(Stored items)

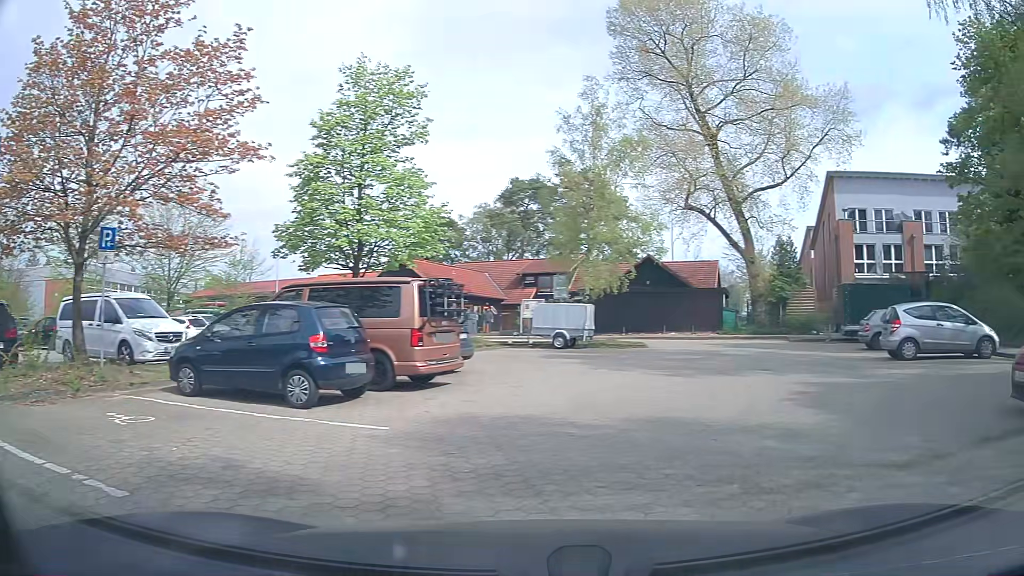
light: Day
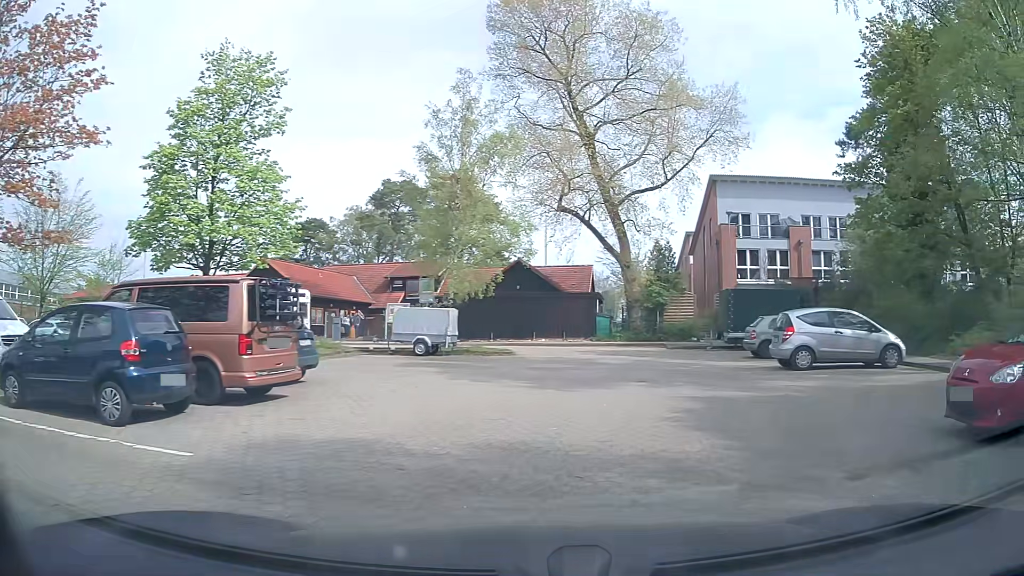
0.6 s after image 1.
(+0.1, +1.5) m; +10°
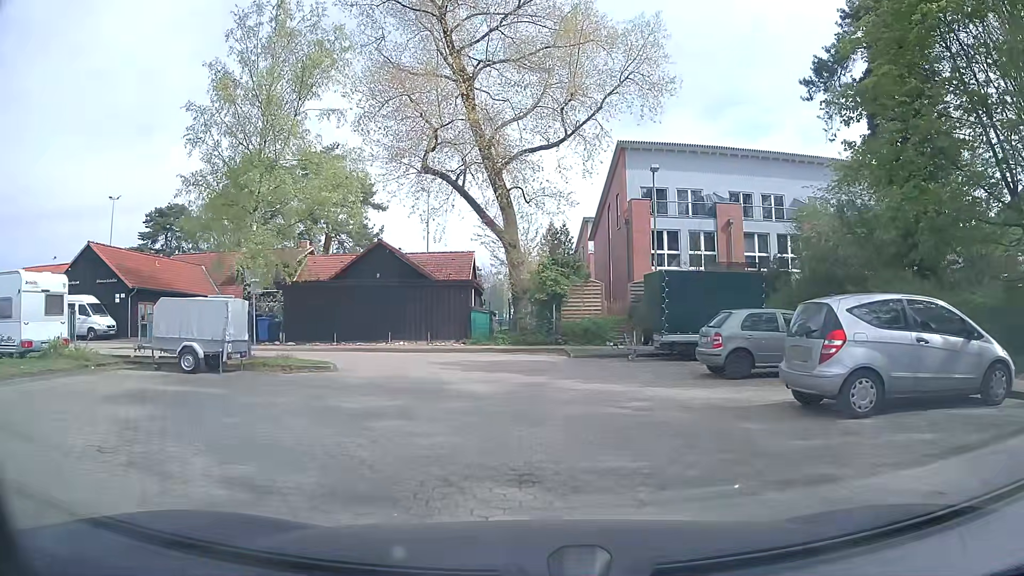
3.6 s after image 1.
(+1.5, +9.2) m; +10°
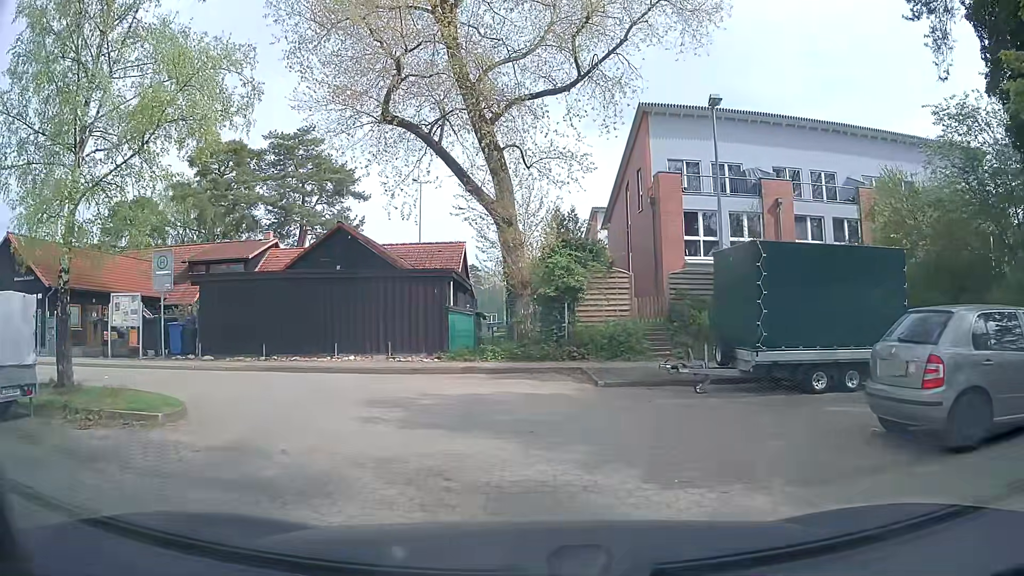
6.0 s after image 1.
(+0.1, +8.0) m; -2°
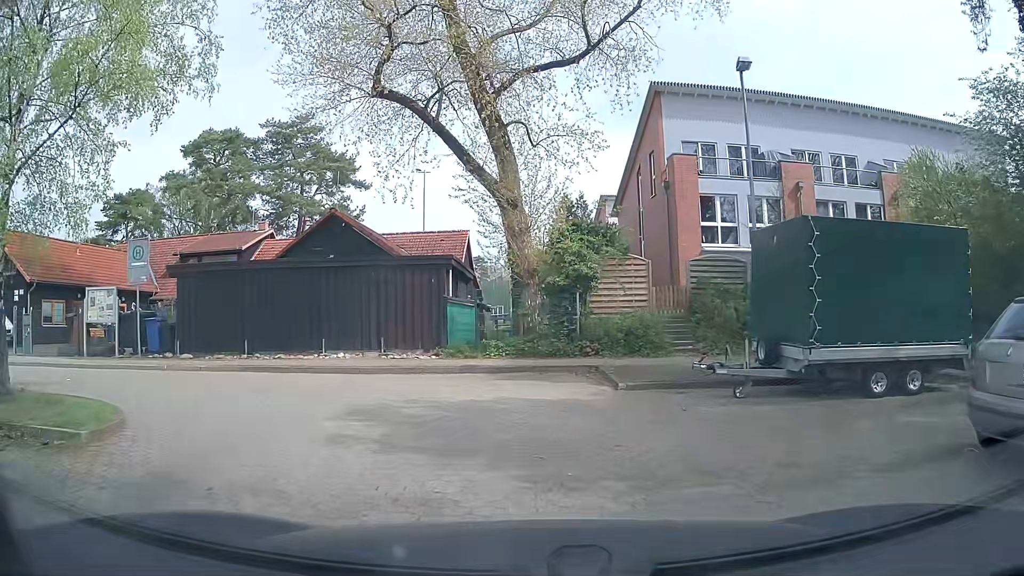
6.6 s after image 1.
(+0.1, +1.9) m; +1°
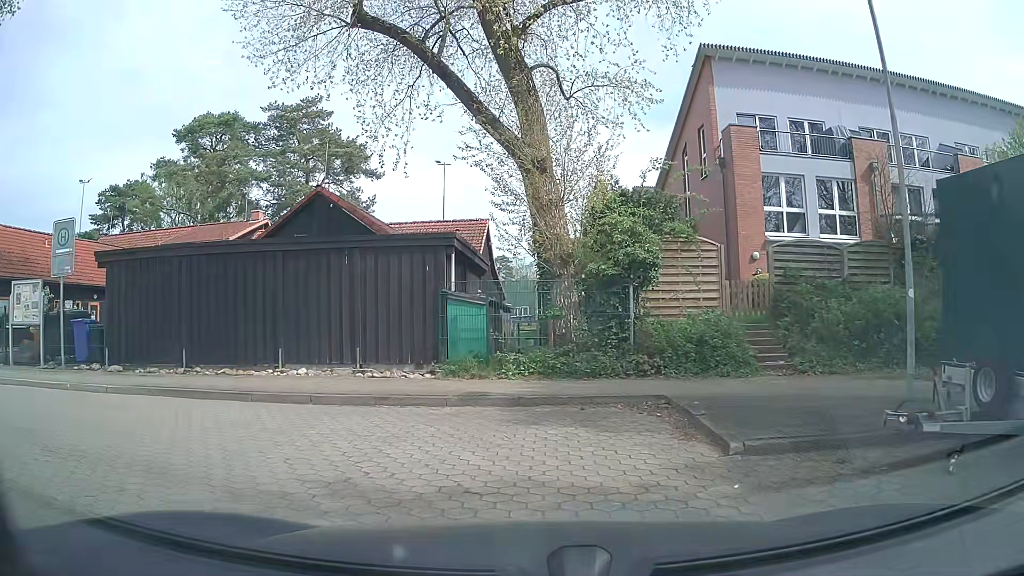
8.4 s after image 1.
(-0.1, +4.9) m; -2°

Problem to solve :: In your copy, repeat each record exactly and include no pictures.

Written response ::
light: Day
0.6 s after image 1.
(+0.1, +1.5) m; +10°
3.6 s after image 1.
(+1.5, +9.2) m; +10°
6.0 s after image 1.
(+0.1, +8.0) m; -2°
6.6 s after image 1.
(+0.1, +1.9) m; +1°
8.4 s after image 1.
(-0.1, +4.9) m; -2°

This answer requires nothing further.